Вы же знаете, что бульон любят все. И коты уличные и псы переулковые. И даже вши тех вечных панфиловцев любят. Суббота, бульон, рядом синагога, небо. Серое море волнуется раз. Картавя. Старик, старуха, рваная сеть, Пушкин с пробитым пахом, Дантес с паспортом украинского нелегала. Все любят. Я бы вышел на сцену и накормил Сему и его кукол. И дал бы им всем имена и отчества. Нельзя кукле быть без ФИО. А потом мы бы все водили хоровод. Даже та, с финкой. Конечно, рукоятка торчащая мешала бы несколько рисунку танца. Но это уже иная история. Я не вышел, но хлопал. На секунду позже. Как будто я из будущего, а немцы и зрители из прошлого. И я им: бегите, не сидите до конца. А они мне: так очень же интересно, дурачок. Мы досмотрим.
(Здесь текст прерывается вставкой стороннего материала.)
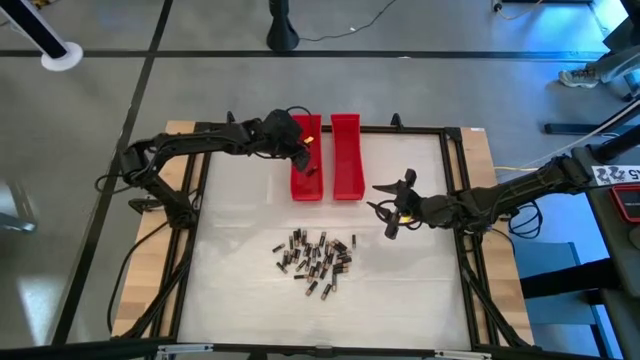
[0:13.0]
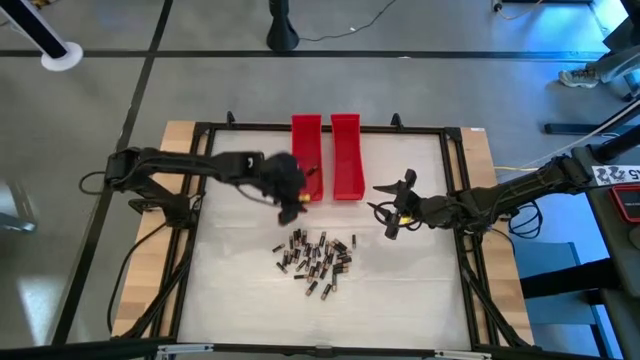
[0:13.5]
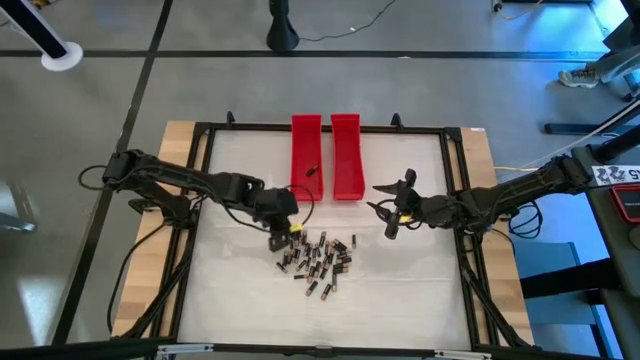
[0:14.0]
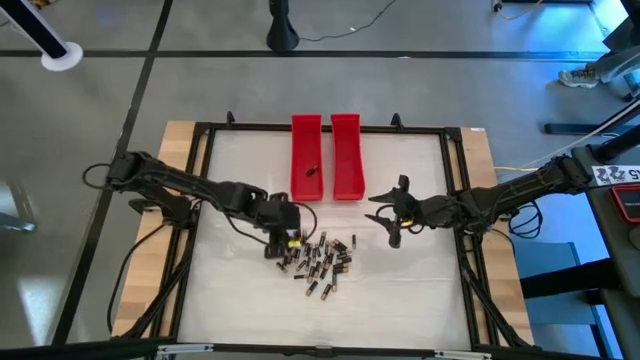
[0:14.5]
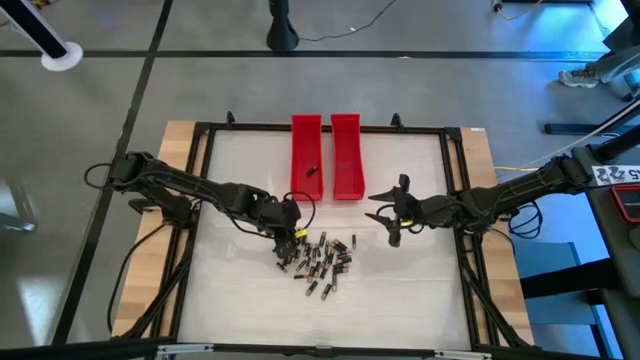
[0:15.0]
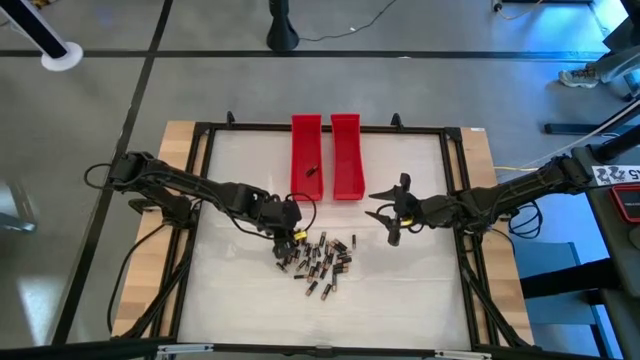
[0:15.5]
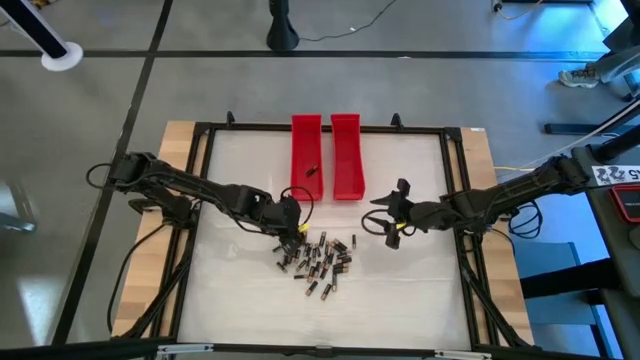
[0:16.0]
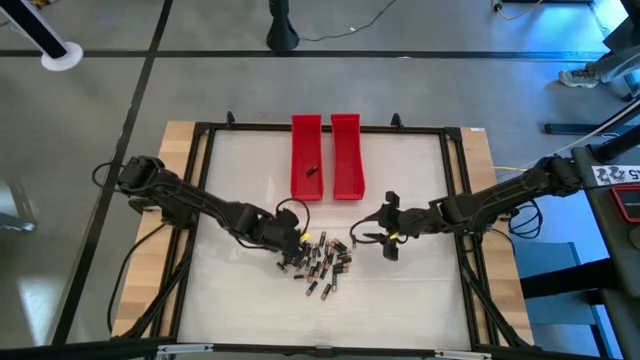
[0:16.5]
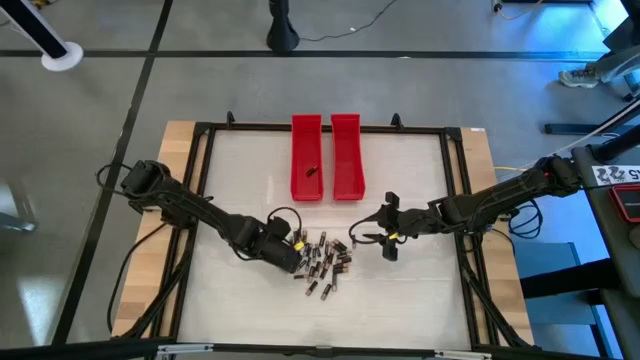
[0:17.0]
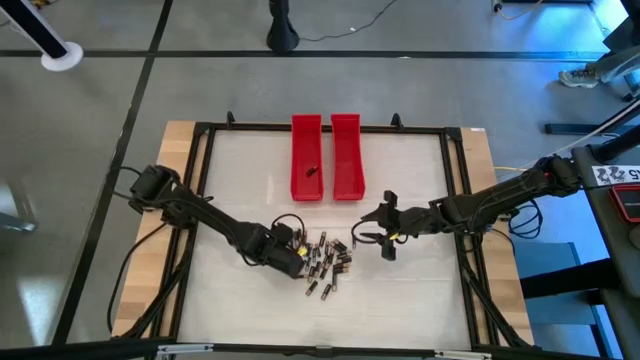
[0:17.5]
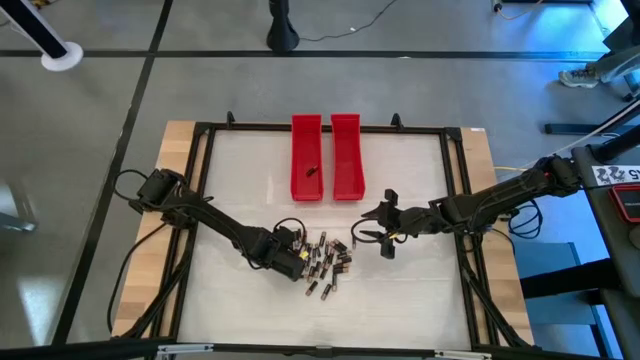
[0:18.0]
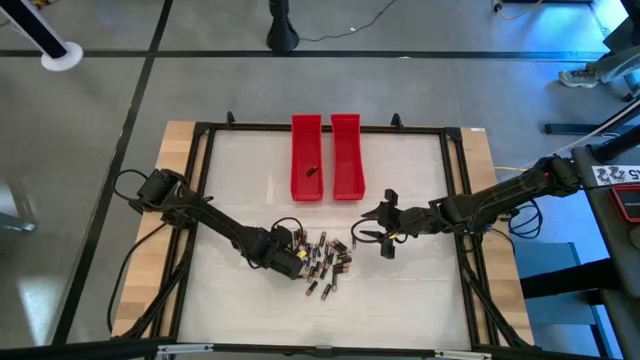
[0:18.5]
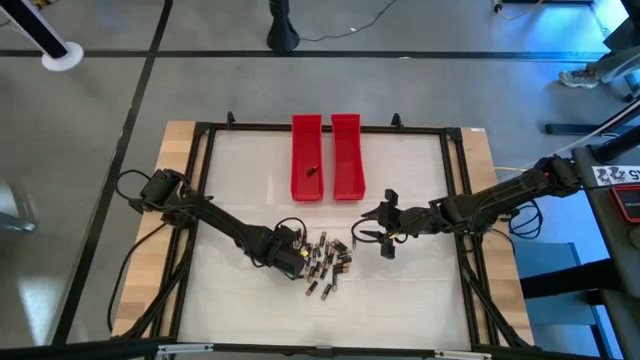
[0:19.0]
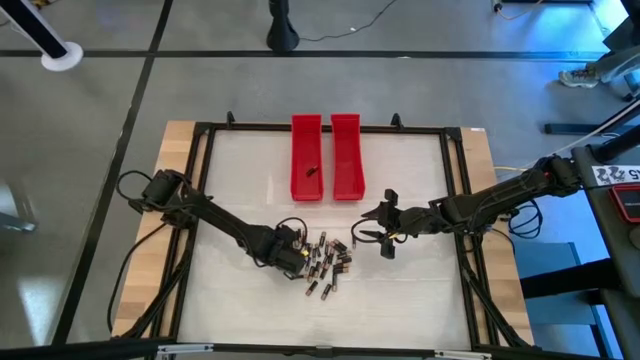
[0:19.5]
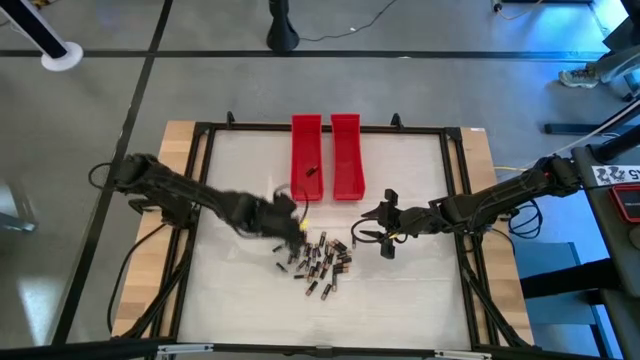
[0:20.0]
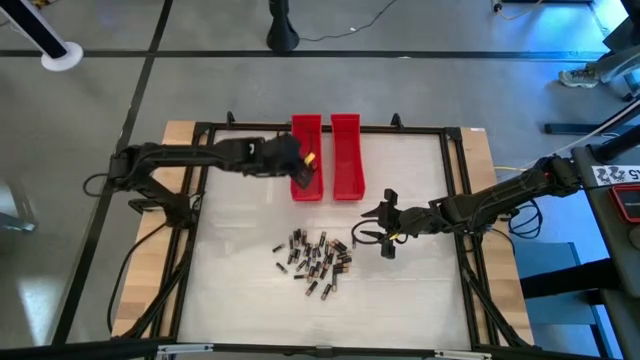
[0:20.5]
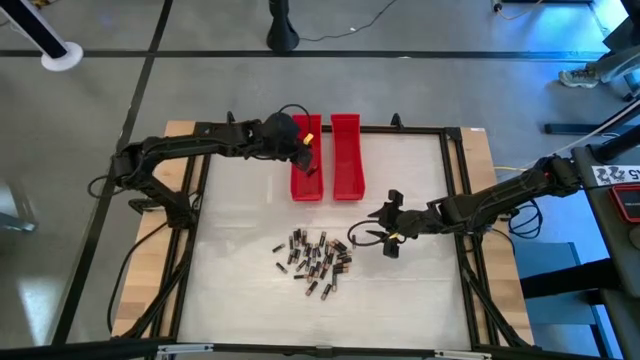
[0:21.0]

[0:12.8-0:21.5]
Task: Sort batteries
Put the large black battery into the left red bin

И мы попрощались.
Я вспомнил, что забыл принять тамсулин и несколько кособоко собрался справить малую нужду в заброшенном апельсиновом саду Неве Цедек. Собирался дождь. Но собирался как-то несерьезно. И я мог мочиться не спеша. Тем более по-иному и не получалось. Капельки не самого отборного янтаря падали, согласно закону гравитации, нехотя. Пока то да се сорвал апельсинку, почистил. Горькие дольки. Сад дичал. А дождь все еще возился с манишкой. Я сорвал вторую. Че зря терять то момент. И третью. Наконец то я закончил. И пошел искать машину, удачно припаркованную между двумя домиками, еще не снесенными. И там, уже сидя в удобном салоне, и под кондиционером, прочел новости. И обрушился дождь. И забил истерично по стеклянной крыше.
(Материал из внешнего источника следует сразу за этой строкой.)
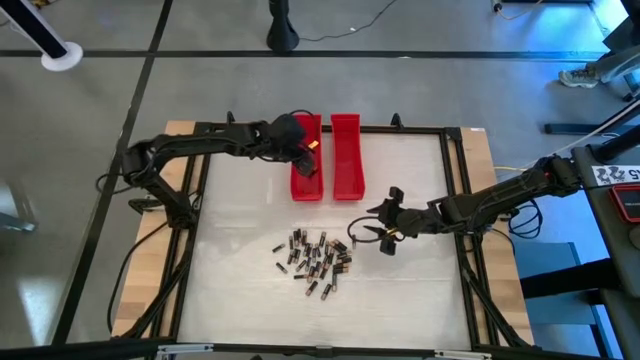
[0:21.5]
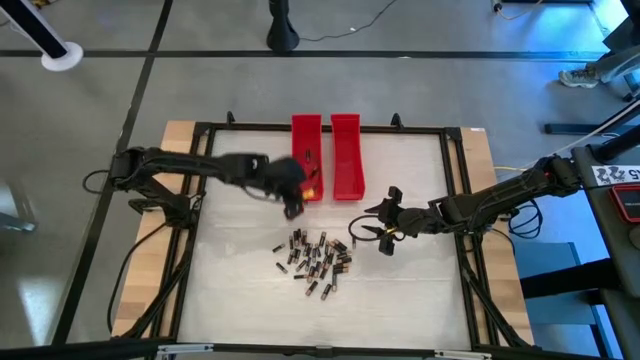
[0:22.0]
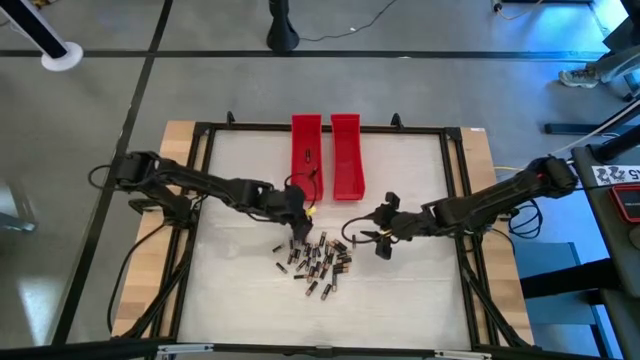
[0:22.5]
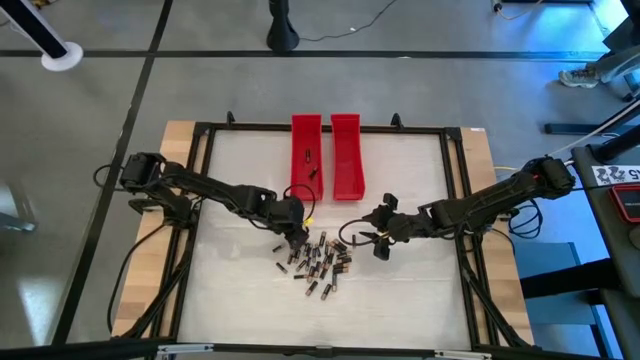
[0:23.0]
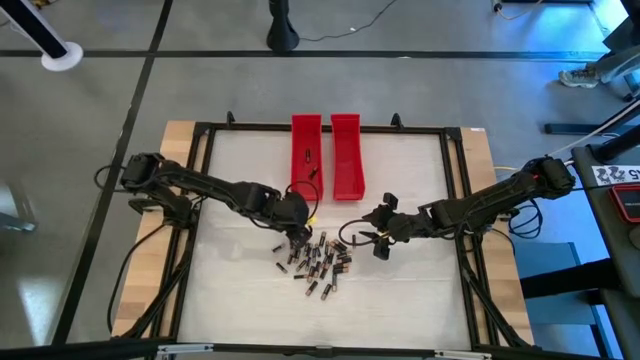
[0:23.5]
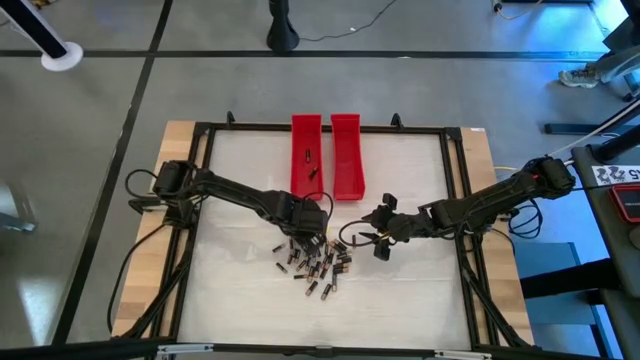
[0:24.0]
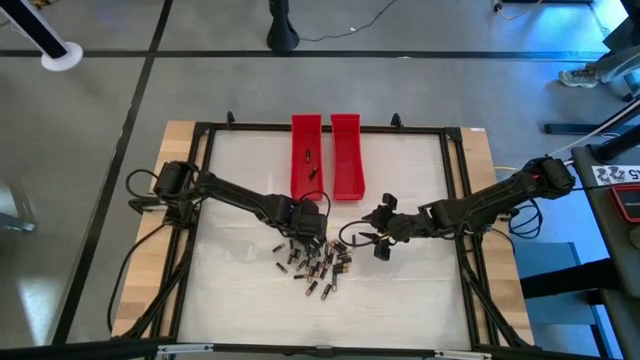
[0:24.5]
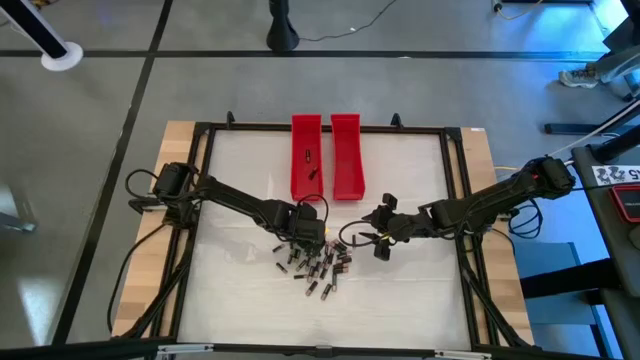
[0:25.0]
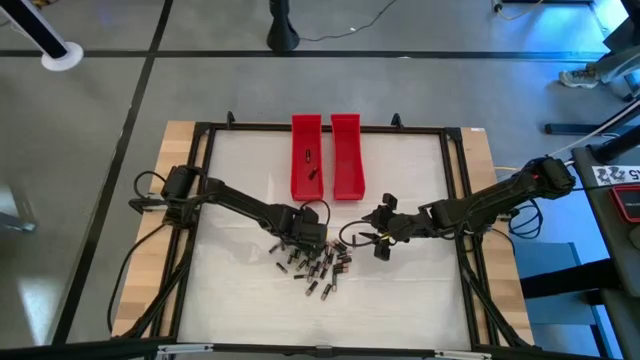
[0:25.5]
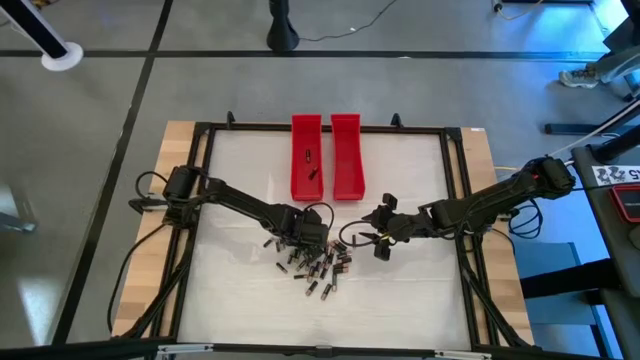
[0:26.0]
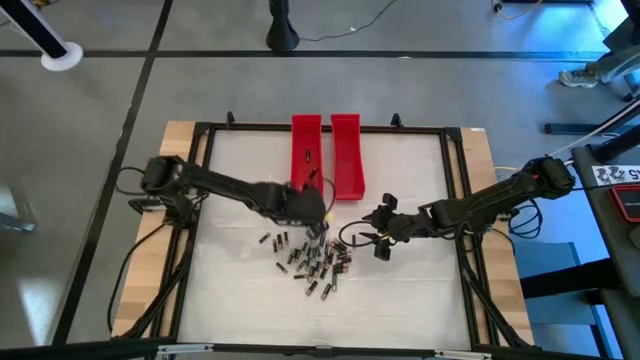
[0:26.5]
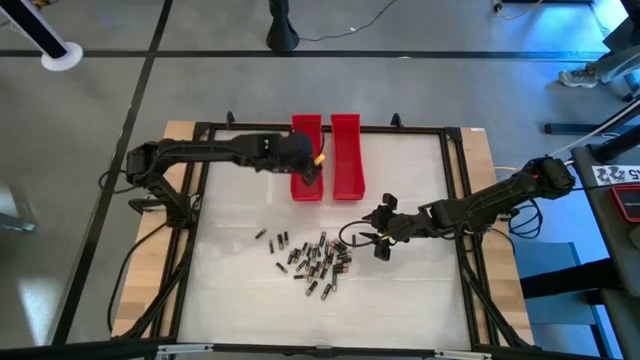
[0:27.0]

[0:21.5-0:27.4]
Put the large black battery into the left red bin

Последние месяцы я боюсь таких новостей. Там нет дня, чтобы. Опять павшие в боях. Пока мы все вот смотрели спектакль, пока Сема играл, пока мама Семы варила бульон, пока коты сидели и ждали подаяний, пока дождь наливался силой, пока-пока море волновалось, как в первый раз, пока-пока-пока. Погибли наши мальчики. Наши. И это было больно. Так больно, что захотелось броситься в море и остудить руки и лицо, и уронить себя в песок. Но Вы знаете все проще. Веки влажнели и больше ничего. А куклы остались одни и тоже молчали. Они старательно устали вместо Сенечки. Чем они отличаются от нас. Так ничем. Суббота перевалила за полдень. Надо было как-то дальше. До самого обещанного кем-то кому-то счастья. И еще. Мы никогда не станем маленькими. Мы все большие. До самого неба.